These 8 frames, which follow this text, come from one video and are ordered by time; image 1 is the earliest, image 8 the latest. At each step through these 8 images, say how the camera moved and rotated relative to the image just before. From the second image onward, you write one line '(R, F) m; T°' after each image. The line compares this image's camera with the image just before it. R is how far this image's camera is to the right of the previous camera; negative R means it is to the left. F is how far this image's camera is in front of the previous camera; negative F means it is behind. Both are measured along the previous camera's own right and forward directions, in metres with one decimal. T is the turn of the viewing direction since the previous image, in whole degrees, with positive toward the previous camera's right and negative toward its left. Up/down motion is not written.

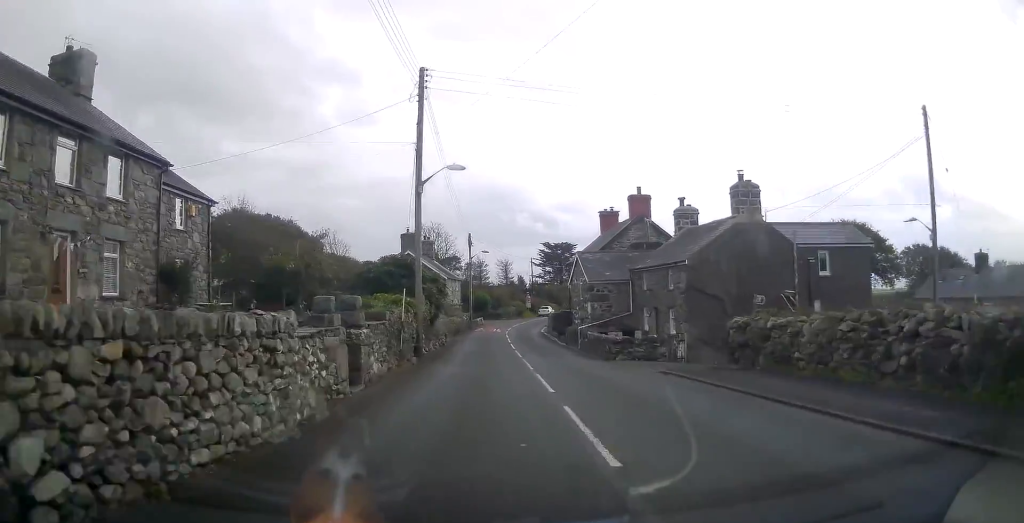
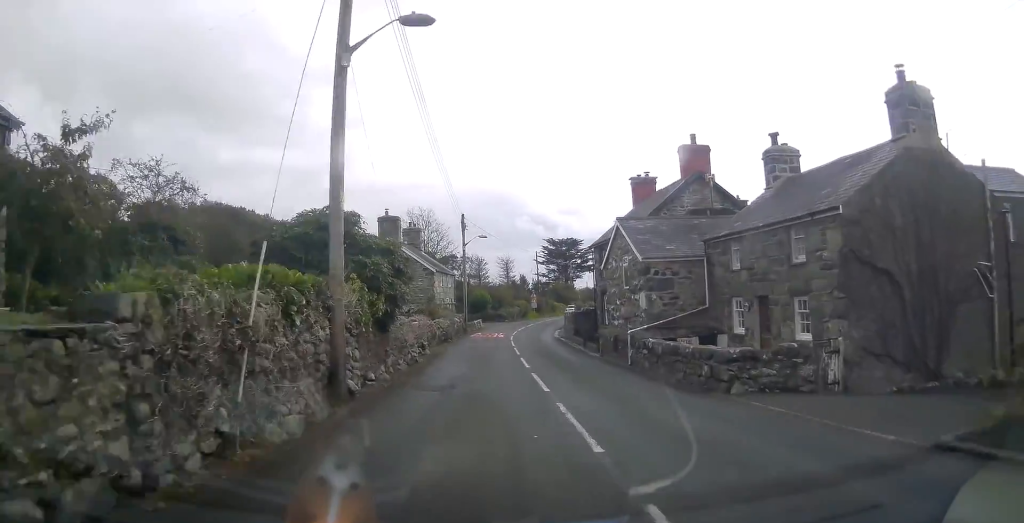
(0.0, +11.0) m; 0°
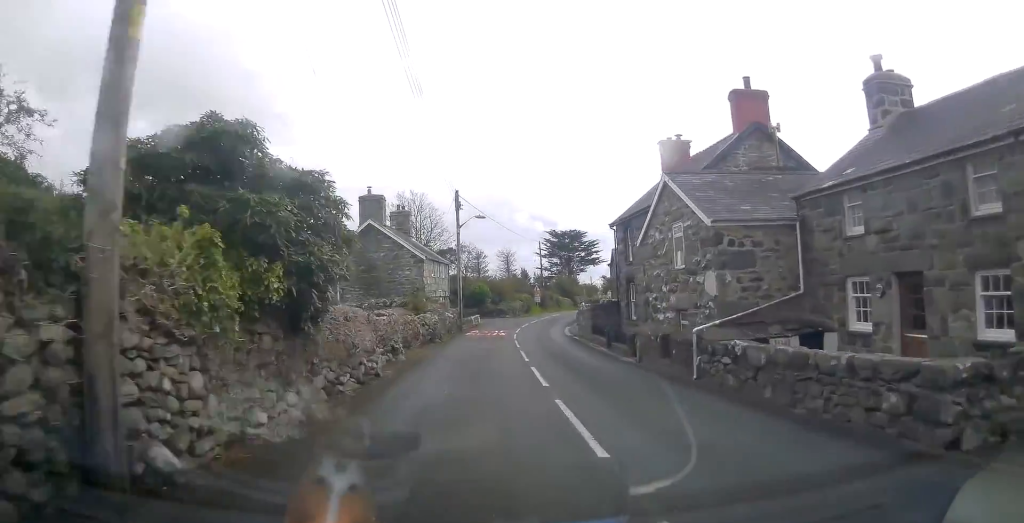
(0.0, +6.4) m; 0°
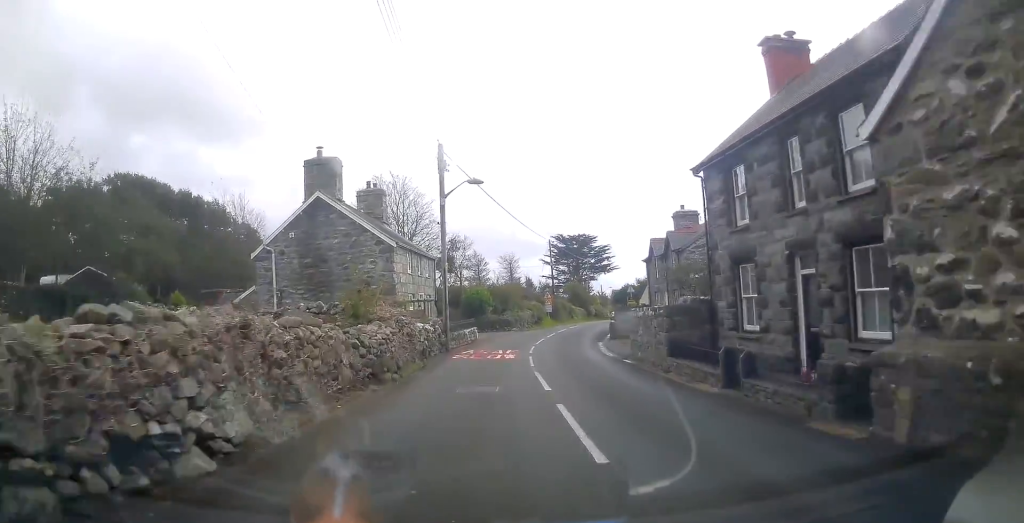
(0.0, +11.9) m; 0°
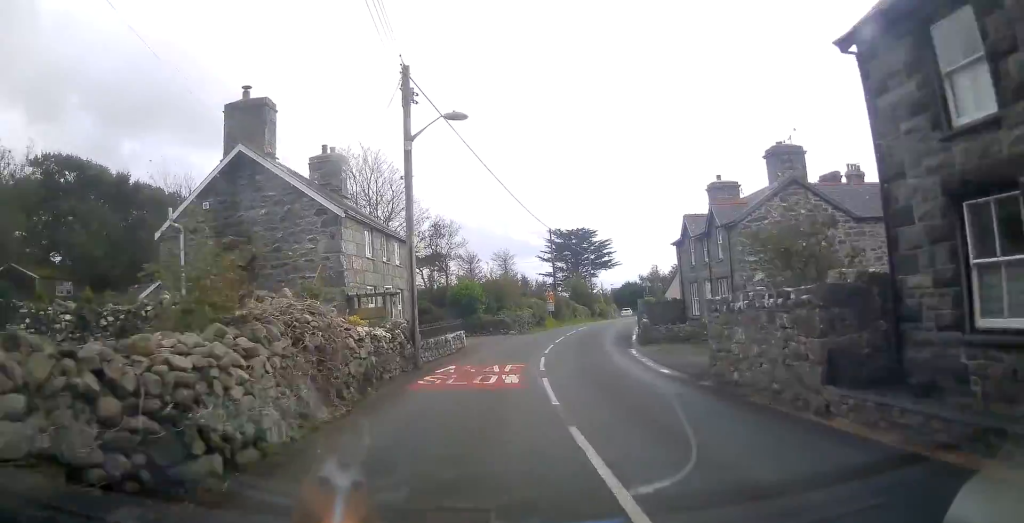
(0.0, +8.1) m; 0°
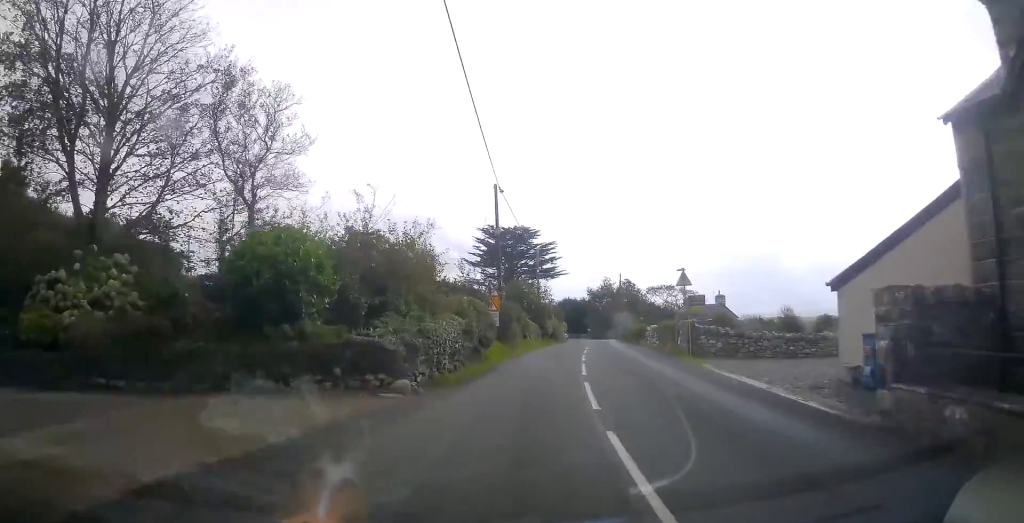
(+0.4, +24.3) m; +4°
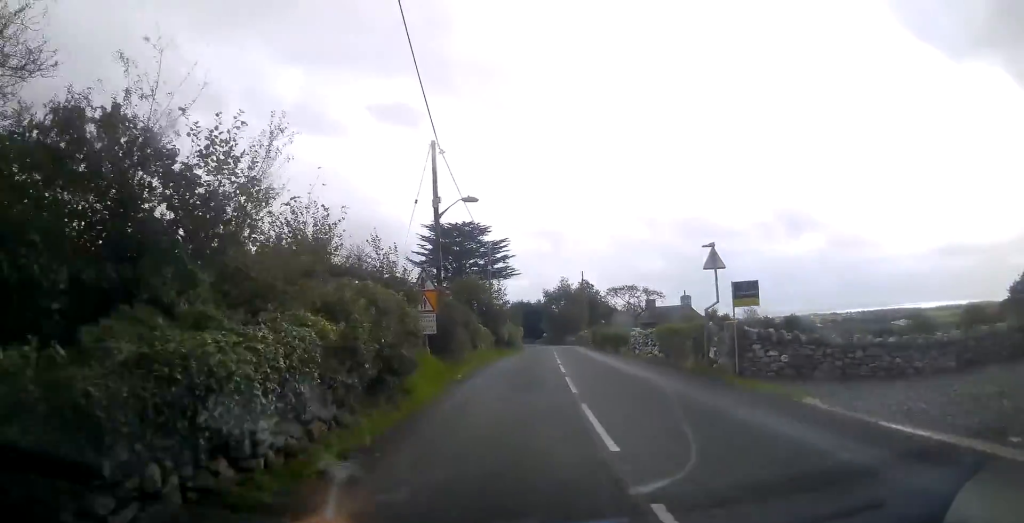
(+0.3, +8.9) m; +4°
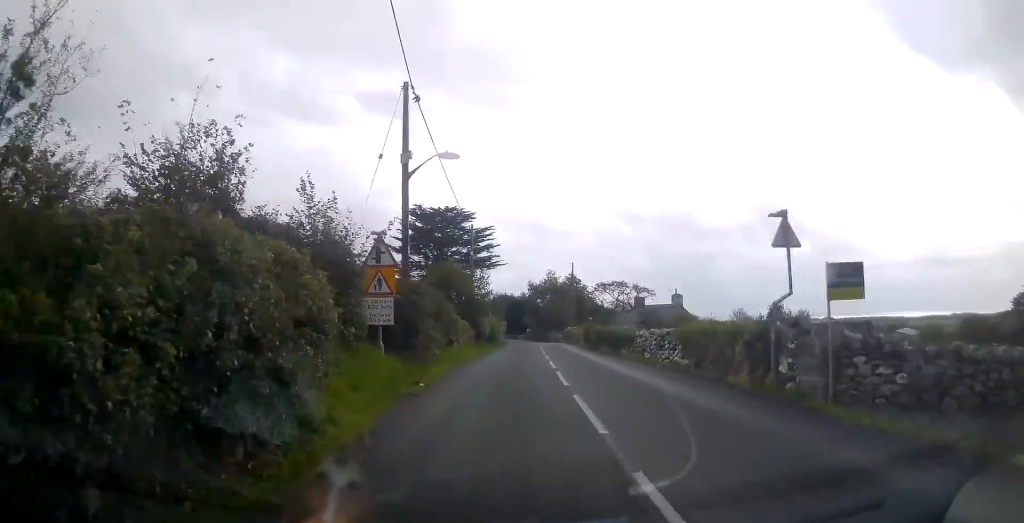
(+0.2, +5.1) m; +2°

+ + + + + + +

This task calls for an exact copy of the data above, without pictures.

* Completed exercise
These 8 frames, which follow this text, come from one video and are ordered by time; image 1 is the earliest, image 8 the latest. At each step through these 8 images, say how the camera moved and rotated relative to the image just before. From the second image onward, you write one line '(R, F) m; T°' after each image. The line compares this image's camera with the image just before it. R is how far this image's camera is to the right of the previous camera; negative R means it is to the left. F is how far this image's camera is in front of the previous camera; negative F means it is behind. Both are measured along the previous camera's own right and forward directions, in metres with one decimal. T is the turn of the viewing direction since the previous image, in whole degrees, with positive toward the previous camera's right and negative toward its left. Up/down motion is not written.

(0.0, +11.0) m; 0°
(0.0, +6.4) m; 0°
(0.0, +11.9) m; 0°
(0.0, +8.1) m; 0°
(+0.4, +24.3) m; +4°
(+0.3, +8.9) m; +4°
(+0.2, +5.1) m; +2°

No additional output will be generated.